The case was squarely submitted to the jury on the question as to whether the doctor did or did not place a label on the bottle of poison.' The jury returned a Verdict for the doctor. Appellant does not criticise the instructions. In fact, she urges only two grounds for reversal. One is because of newly-discovered evidence. This evidence went to contradict the witness, Isaac Perry, who testified that he was in the doctor’s office at the time the medicine was prepared for Mr. Nicholson, and he saw the doctor paste a label on the bottle, and write something on it, and heard the doctor give the verbal directions about taking it. Appellant in her motion for a new trial did not make the matter of newly-discovered evidence one of the grounds, and we, therefore, can not reverse for that reason. Jones v. Warden, 90 Ky., 230; American Credit Co. v. National Clothing Co., 13 Bush, 297.

The next ground of reversal is that the court refused to permit Mr. Nicholson to testify. Mrs. Nicholson testified, among other things, that the bottle from which she took the poison had no label on it at that time.
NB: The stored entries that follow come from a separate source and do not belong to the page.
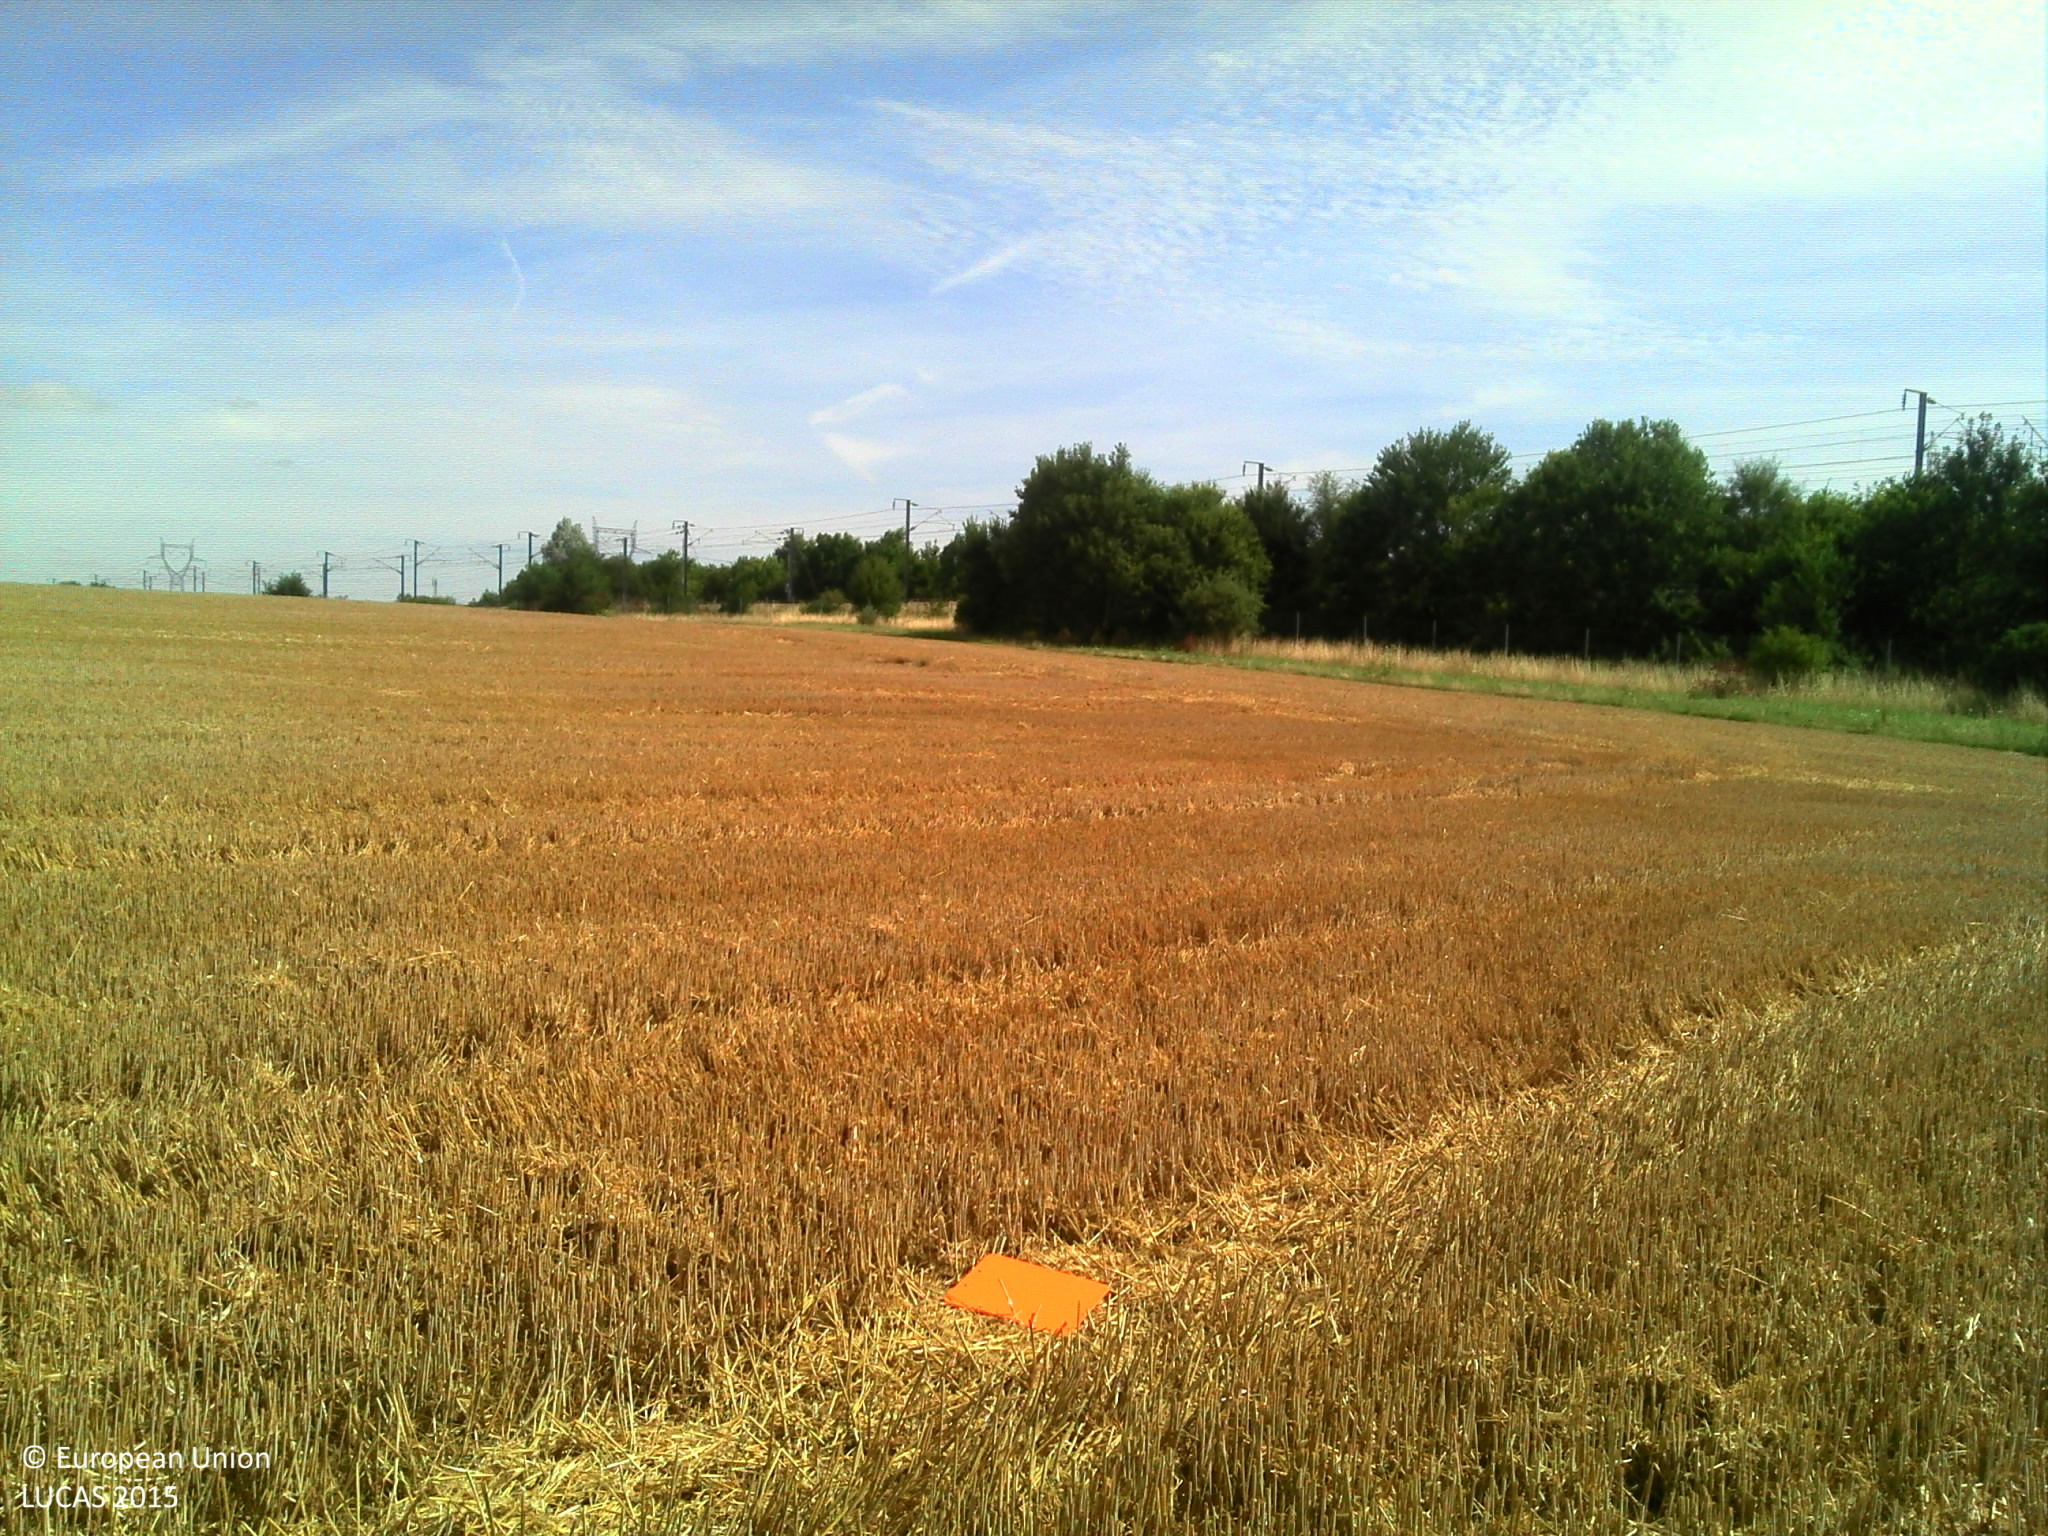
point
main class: Cropland
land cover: Common wheat
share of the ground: > 75 %
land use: Agriculture (excluding fallow land and kitchen gardens)
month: August
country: FR
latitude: 49.9053
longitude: 2.8467
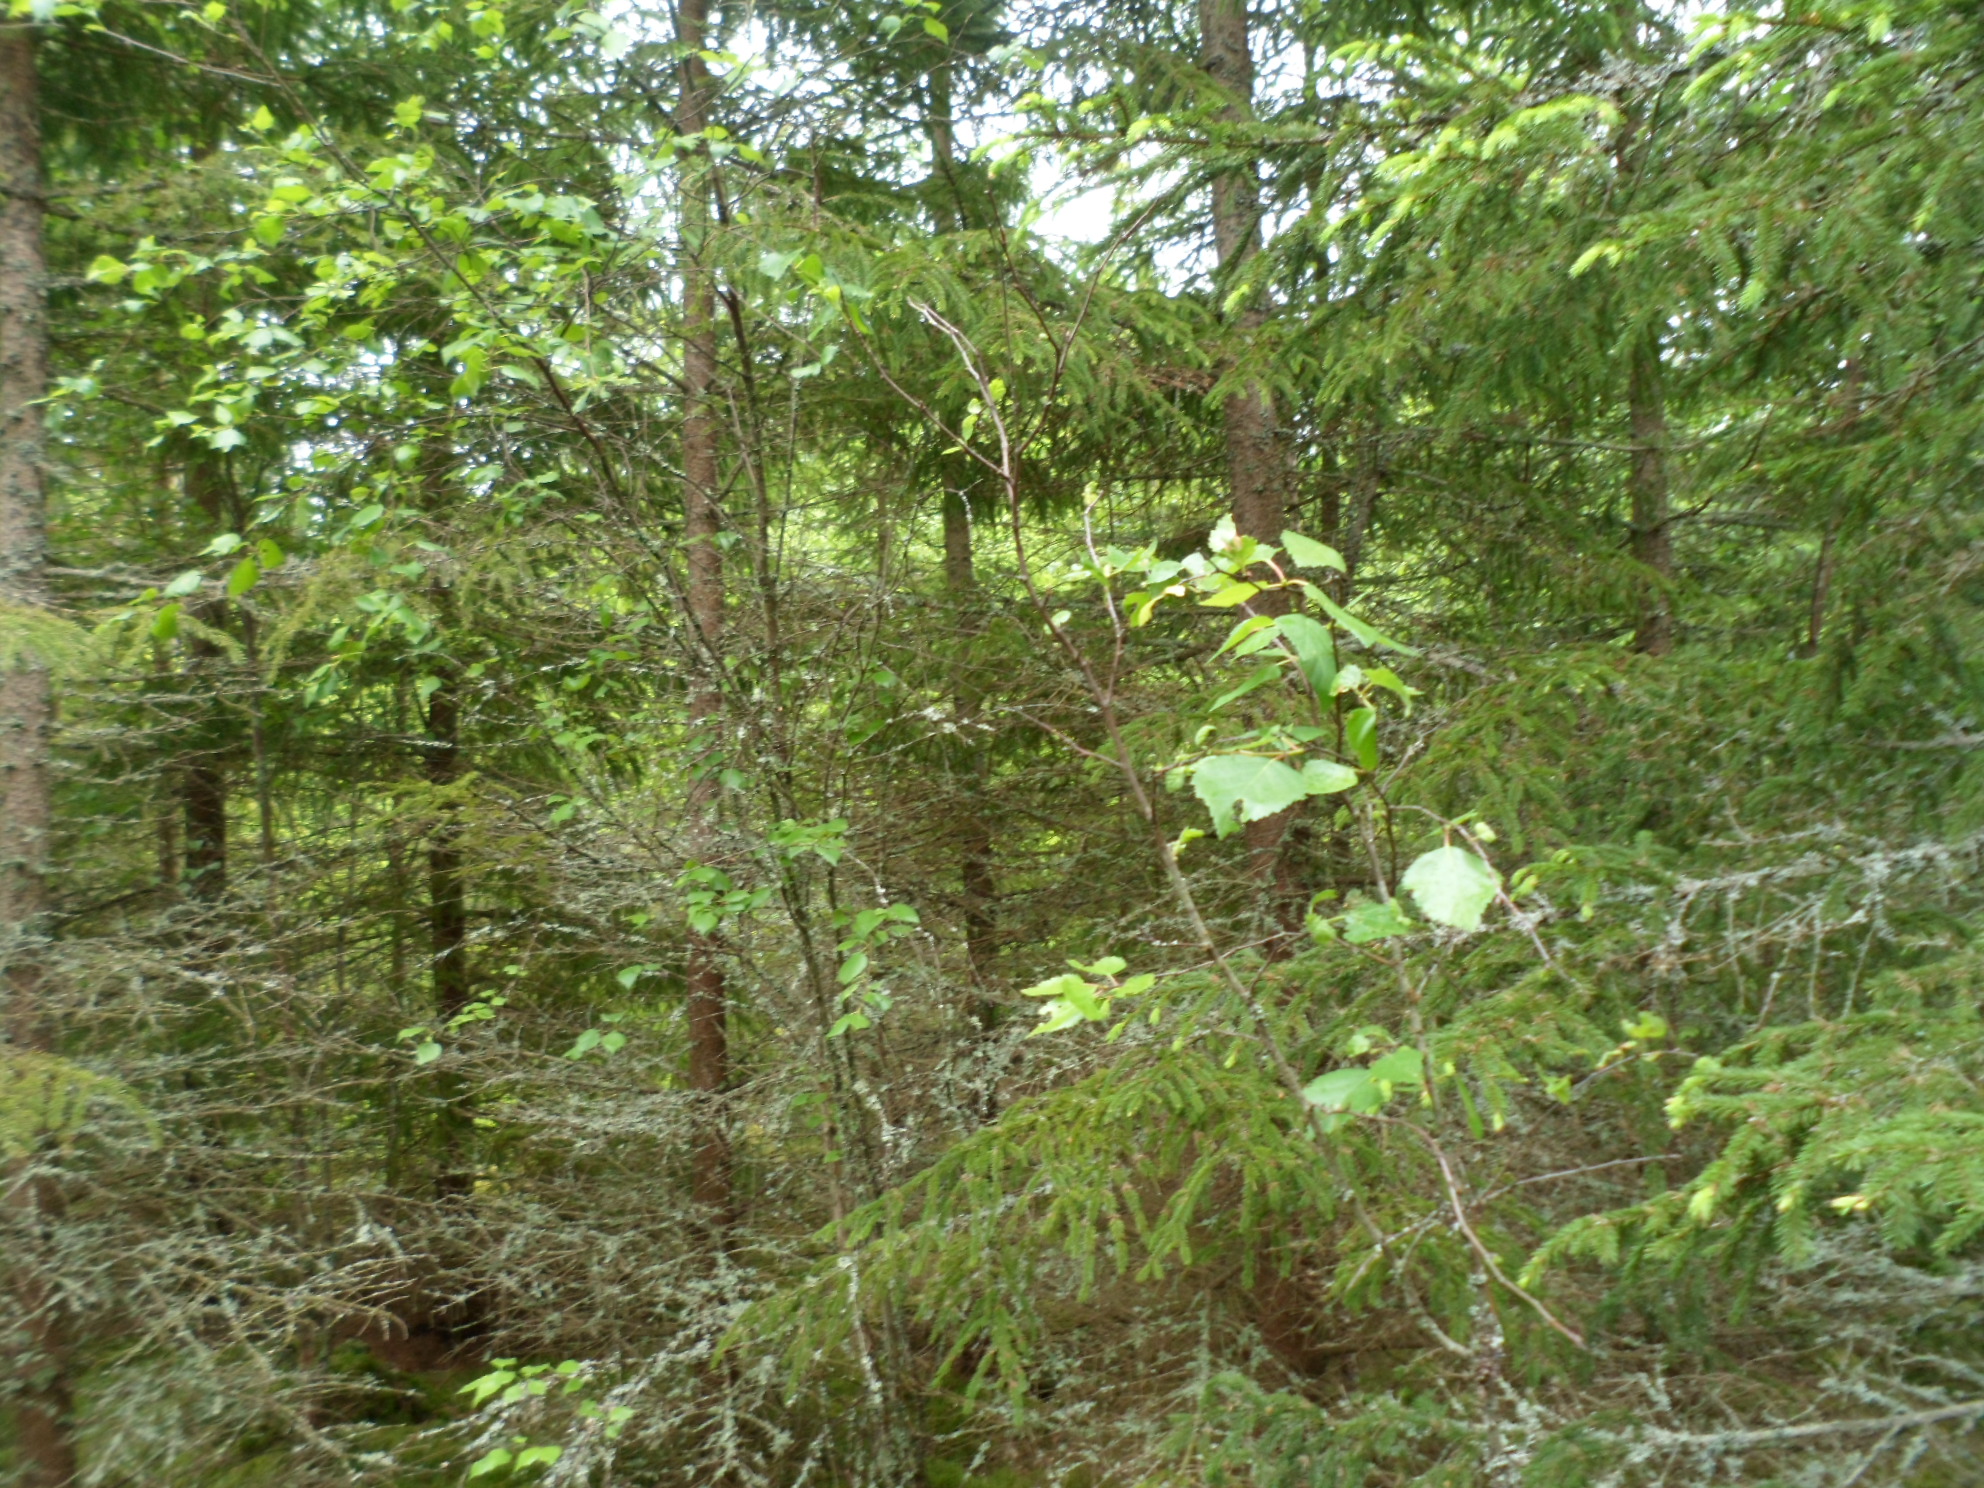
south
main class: Woodland
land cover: Spruce dominated coniferous woodland
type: boreal forest
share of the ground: > 75 %
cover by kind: coniferous forest trees 75 %, shrubs 10 %, lichens and mosses 10 %, herbaceous plants 5 %
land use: Forestry
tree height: > 5 m
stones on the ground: 25 - 50 %
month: June
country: SE
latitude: 57.0878
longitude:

She wanted to prove by her husband that the doctor did not put a label on the bottle when he gave it to him. She desired to prove, also, that when the doctor gave him the tablets, he told him to administer a second dose of the medicine to Mrs. Nicholson, and, in this way, he had occasion to see that bottle and knew it was not labeled. It is claimed that the proof is competent because it comes within that exception to section 606 of the Code, which provides:

“When a husband or wife is acting as agent for his or her consort, either of them may testify as to any matter connected with such agency.”

It is unnecessary to discuss the matter of agency in connection with this case. We do not see how-it could possibly have any application as to the time when the doctor mixed the poison. He was consulted by the hushand for himself, and the medicine was prepared and the dose directed for him only.

The doctor, in effect, admits that he directed the second dose to Mrs. Nicholson because he thought it was the same as the first, and he thought, as did all the others, that the first dose was taken from the bottle which contained the harmless medicine, which he had prepared for Mrs. Nicholson. It is immaterial what circumstance caused the husband to see the bottle. In behalf of the wife after she had testified, he was not a competent witness. It is admitted by all the witnesses that at the time she took the poison there was no label on the bottle. The question in the case, as it was prepared in the lower court, was whether the bottle was labeled in the first place, and none of the testimony offered by the husband could affect that question, except as to what occurred in the doctor’s office when he received the bottle, and as he got that for himself his evidence about it was clearly incompetent. L. & N. v. Hall, 136 S. W., 905; Wise v. Foot, 81 Ky., 10.

Failing to see that the appellant is entitled to a reversal for either of the reasons named, the judgment is affirmed.